Permutation Test for Prediction Performance Differences
Source:R/perm_prediction_difference.R
perm_prediction_difference.Rd
This function compares model prediction performance between two datasets (e.g., different ancestries) using a reference training set. It trains a classification model using tidymodels, evaluates it on test and inference datasets, and assesses the statistical significance of the performance difference via permutation testing.
Arguments
- X
Matrix of predictors for the test group (ancestry 1); samples x features
- Y
Matrix of predictors for the inference group (ancestry 2)
- R
Matrix of predictors for the reference training group
- MX
Data frame of metadata for `X`, must include the outcome column
- MY
Data frame of metadata for `Y`
- MR
Data frame of metadata for `R`
- g_col
Character.
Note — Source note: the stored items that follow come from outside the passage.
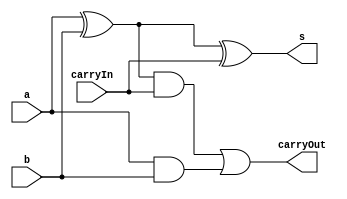
// ---------------------------------- 
// Exemplo0021 - FULL ADDER 
// Nome: Felipe Trres 
// ---------------------------------- 



// ------------------------- 
// full adder
// ------------------------- 

module fullAdder (output s, output carryOut,  input a, input b, input carryIn); 

	
  wire tmp1, tmp2, tmp3;
  
//-- portas 

  xor (tmp1, a, b);   
  and (tmp3, a , b );
  
  and (tmp2, tmp1 , carryIn);  
  
  xor (s , tmp1 , carryIn);
  or (carryOut ,tmp2 ,tmp3 );

endmodule //-- fullAdder

// ------------------------- 
// 4bit full adder 
// ------------------------- 
module fourBitFullAdder(s, carryOut, x, y, carryIn);
  
  output [3:0] s;
  output carryOut;
  input  [3:0] x, y;
  input carryIn;
  wire c1, c2, c3;
  
  //-- portas 
  
  fullAdder FULLADDER0(s[0], c1, x[0], y[0], carryIn);
  fullAdder FULLADDER1(s[1], c2, x[1], y[1], c1);
  fullAdder FULLADDER2(s[2], c3, x[2], y[2], c2);
  fullAdder FULLADDER3(s[3], carryOut, x[3], y[3], c3);
  
endmodule //-- fourbitFullAdder
 

module test_fullAdder; 
// ------------------------- definir dados 
reg [3:0] a; 
reg [3:0] b; 
reg carryIn; 
wire [3:0] soma;
wire carryOut; 

fourBitFullAdder FOURBITFULLADDER0(soma, carryOut, a, b, carryIn);

// ------------------------- parte principal 
  initial
  begin
  $display("Exemplo0021 - Felipe Trres - 412738"); 
  $display("Test ALU's Full Adder:"); 
 
  //-- Mostrar testes
 
  $monitor($time," a = %b b = %b carry in= %b *** carry out = %b Soma = %b\n" , a , b , carryIn,carryOut,soma);
  end
  
  //-- Entradas
  initial
  begin
  a = 4'd2;b = 4'd4; carryIn = 1'b0;


  #5 a = 4'd2;b = 4'd4;
  #5 a = 4'd6;b = 4'd8;
  #5 a = 4'd1;b = 4'd3;
  #5 a = 4'd5;b = 4'd7;
  #5 a = 4'd10;b = 4'd5;
  carryIn = 1'b1;


  end
endmodule //-- test_fullAdder
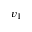
v _ { 1 }
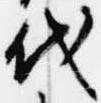
代
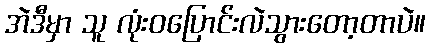
အဲဒီမှာ သူ လုံးဝပြောင်းလဲသွားတော့တာပဲ။
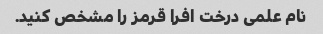
نام علمی درخت افرا قرمز را مشخص کنید.

Name of the column in `MX`, `MY`, `MR` containing the binary outcome (must have exactly 2 levels).
- method
Character. Which model to use: `"glmnet"` (default) or `"rf"` (random forest).
- metric
Character. Performance metric to optimize and test, currently supports `"roc_auc"` only.
- cv_folds
Integer. Number of cross-validation folds (default = 5).
- tune_len
Integer. Number of levels per hyperparameter in grid search (default = 10).
- max_iter
Integer. Not used currently but reserved for future logic (default = 1000).
- B
Integer. Number of permutations to run (default = 1000).
- seed
Optional integer seed for reproducibility.